The Post

Fixation with murder boosts Kiwi podcast

- STAFF REPORTER

The story of a 1994 Dunedin mass murder that claimed all but one of the Bain family’s lives has become a point of obsession for people across the globe.

Stuff podcast Black Hands, which launched on Sunday, made its way to the top of the iTunes charts in Australia and New Zealand. It also reached seventh position on Britain’s podcast chart, and was rising in Singapore, sitting at 67 yesterday.

The podcast followed veteran journalist Martin van Beynen as he reinvestig­ated the horrific slaughter of five people at 65 Every St, Dunedin, on June 20, 1994.

Black Hands had been downloaded more than 500,000 times.
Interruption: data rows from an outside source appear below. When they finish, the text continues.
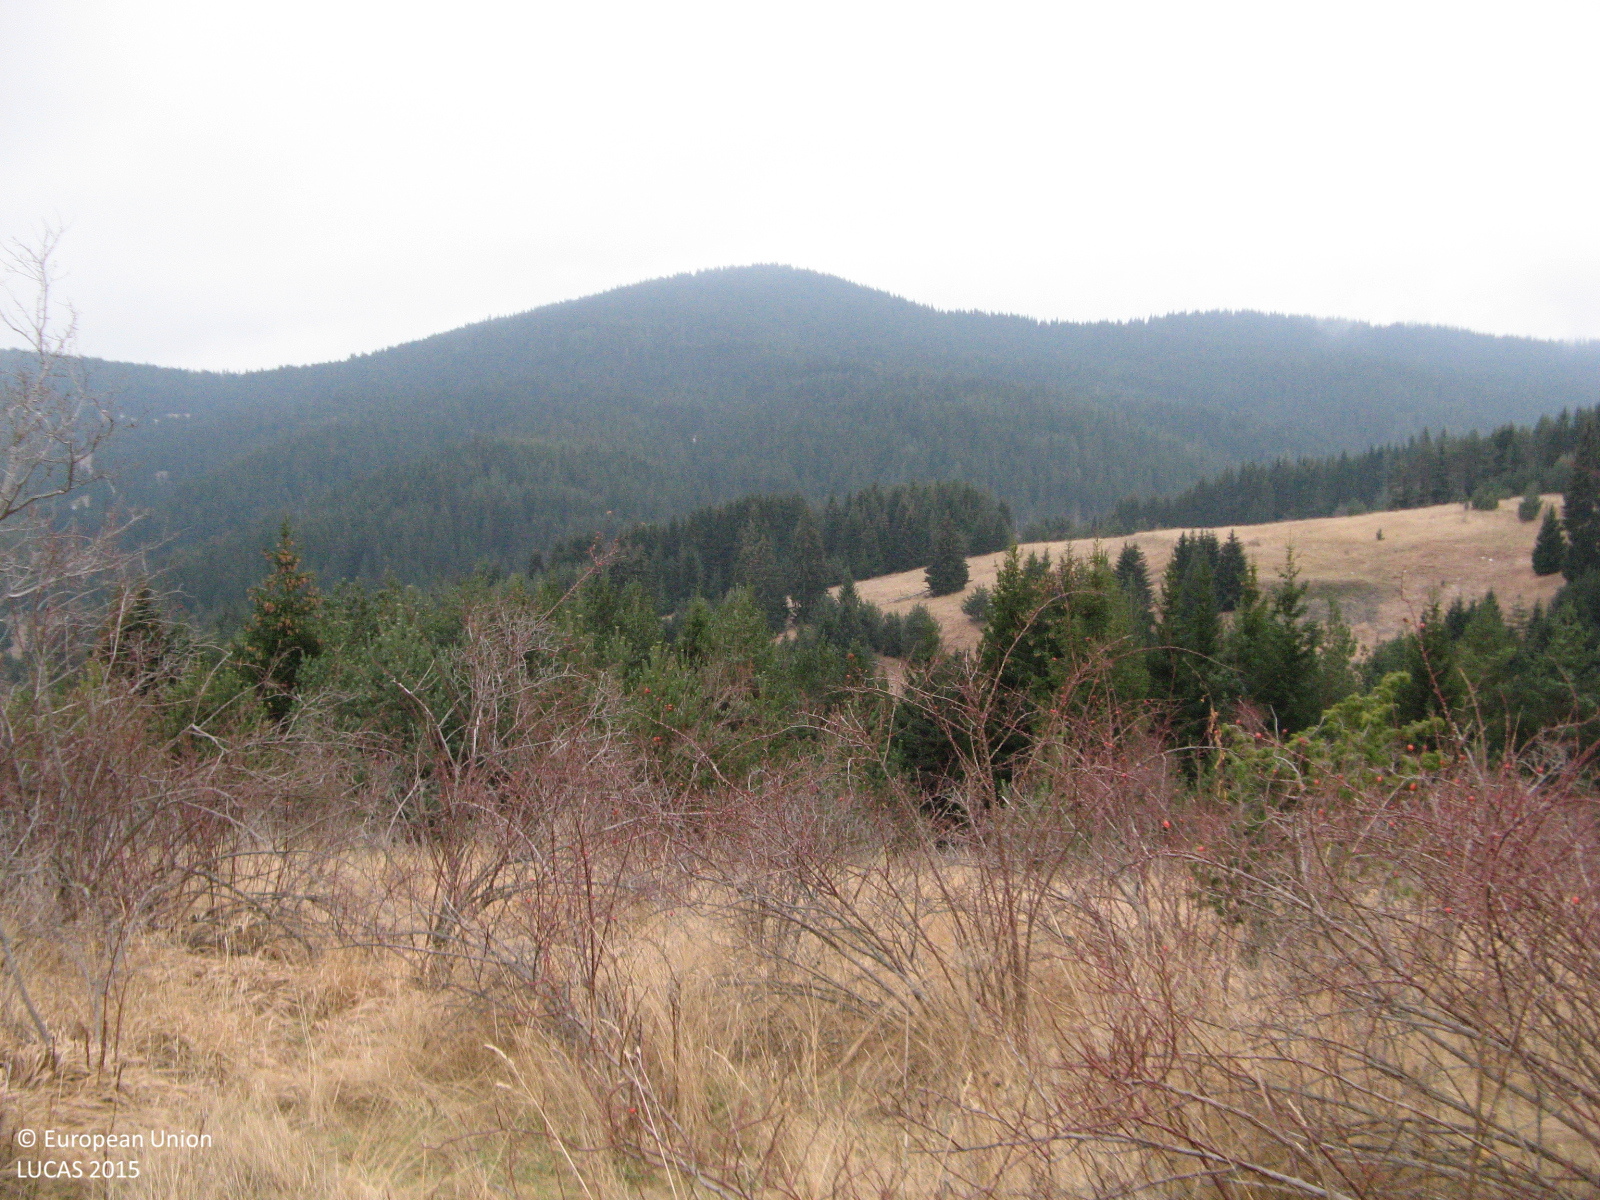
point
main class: Woodland
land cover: Spruce dominated coniferous woodland
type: alpine coniferous forest
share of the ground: > 75 %
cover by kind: coniferous forest trees 90 %, shrubs 5 %, herbaceous plants 5 %
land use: Forestry
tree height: > 5 m
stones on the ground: < 10 %
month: December
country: BG
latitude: 41.9053
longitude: 24.5717

Executive producer Kamala Hayman expected it to have had only a few thousand listeners by now.

‘‘It has been done on a shoestring budget, which has meant people have had to fit it in around all their other jobs,’’ Hayman said.

Black Hands came about as a sort of accident, Van Beynen said.

He started writing a book about the Bain case in 2014. When he finished it in 2016, Van Beynen said, his publisher pulled out.

‘‘I felt as though maybe if I looked at all the evidence again I would see that one thing, that one smoking gun,’’ he said.

The material was there, but no one would print it. Then, Van Beynen said his bosses suggested making a podcast. He and other colleagues at Stuff and The Press worked for about a year converting the story to audio.

‘‘In the meantime, we had floods, we had Port Hill fires, I had a couple of other big stories.

‘‘We never predicted just how much time and resource was needed for something like this, so now we know that you don’t make decisions to do a 10-part podcast lightly,’’ Van Beynen said.